Recommendations for Improvement

  1. Enhance Translation Accuracy:
  2. Upgrade to IndicTrans2-1B for All Configurations: The 1B model demonstrates superior performance in handling Indian place names compared to the 200M distilled model. Deploy it across Medium and Small servers if hardware permits.
  3. Fine-Tune Translation Models: Fine-tune IndicTrans2 models on a dataset of Indian place names and travel-related queries to improve location recognition.
  4. Implement Geolocation Context: Add a geolocation filter to prioritize Indian locations in translations, reducing errors like "New York."

  5. Improve Response Generation:

  6. Contextual Expansion: Modify the Gemma-3 prompt template to handle mistranslated inputs more gracefully, e.g., by detecting and correcting location-based errors.
  7. Fallback Mechanism: Implement a fallback response for irrelevant queries, such as suggesting the user clarify the location or query.

  8. Optimize Processing Time:

  9. Pipeline Optimization: Profile the speech-to-speech pipeline to identify bottlenecks (e.g., transcription, translation, or response generation). Optimize model inference with techniques like mixed precision or batching.
  10. Hardware Upgrades: For Medium and Small servers, consider upgrading to L40S or A100 GPUs to reduce latency, especially for real-time applications.
  11. Caching: Cache frequently asked queries (e.g., train routes) to reduce processing time for common requests.

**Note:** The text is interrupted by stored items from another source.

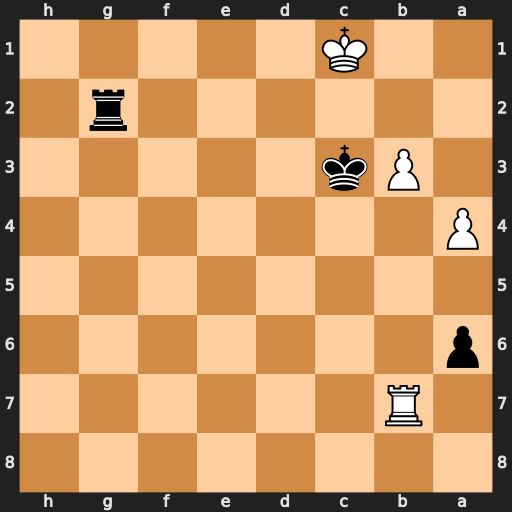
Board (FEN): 8/1R6/p7/8/P7/1Pk5/6r1/2K5
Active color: b
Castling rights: -
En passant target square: -
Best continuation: Rg1#
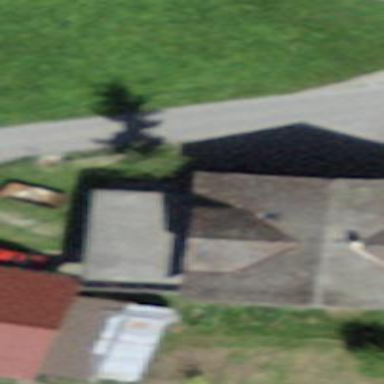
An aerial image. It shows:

  12. Address Deprecation Warning:

  13. Update the codebase to use the recommended text_target argument in the Transformers library, ensuring compatibility with future versions (v5 and beyond).
  14. Conduct a code audit to identify and resolve other deprecated dependencies.

  15. Monitoring and Logging:

  16. Implement detailed logging for model performance metrics (e.g., transcription accuracy, translation BLEU scores, response relevance).
  17. Add error tracking for translation failures to identify recurring issues with specific inputs.

  18. User Experience:

  19. Feedback Loop: Integrate a feedback mechanism in the Android app to collect user reports on incorrect translations or responses, enabling continuous model improvement.
  20. Multimodal Support: Enhance the app to handle text inputs alongside speech, providing flexibility for users with poor audio quality.

Conclusion

The Dhwani.ai Android app, released on April 21, 2025, demonstrates robust capabilities for multilingual speech processing in Indic languages. The platform leverages advanced models like Gemma-3, IndicConformer, and IndicTrans2, with hardware configurations tailored to different deployment scales. However, issues with translation accuracy, response relevance, and processing time highlight areas for improvement. By upgrading translation models, optimizing the pipeline, and addressing deprecated dependencies, Dhwani.ai can enhance its performance and user experience, solidifying its position as a leading AI platform for Indic language processing.

Next Steps: - Deploy IndicTrans2-1B models across all server sizes. - Optimize the speech-to-speech pipeline to achieve sub-5-second latency. - Update the Transformers library to resolve deprecation warnings. - Collect user feedback to fine-tune models and improve accuracy.


This report provides a comprehensive overview of Dhwani.ai’s technical setup and performance, with actionable recommendations to address identified issues.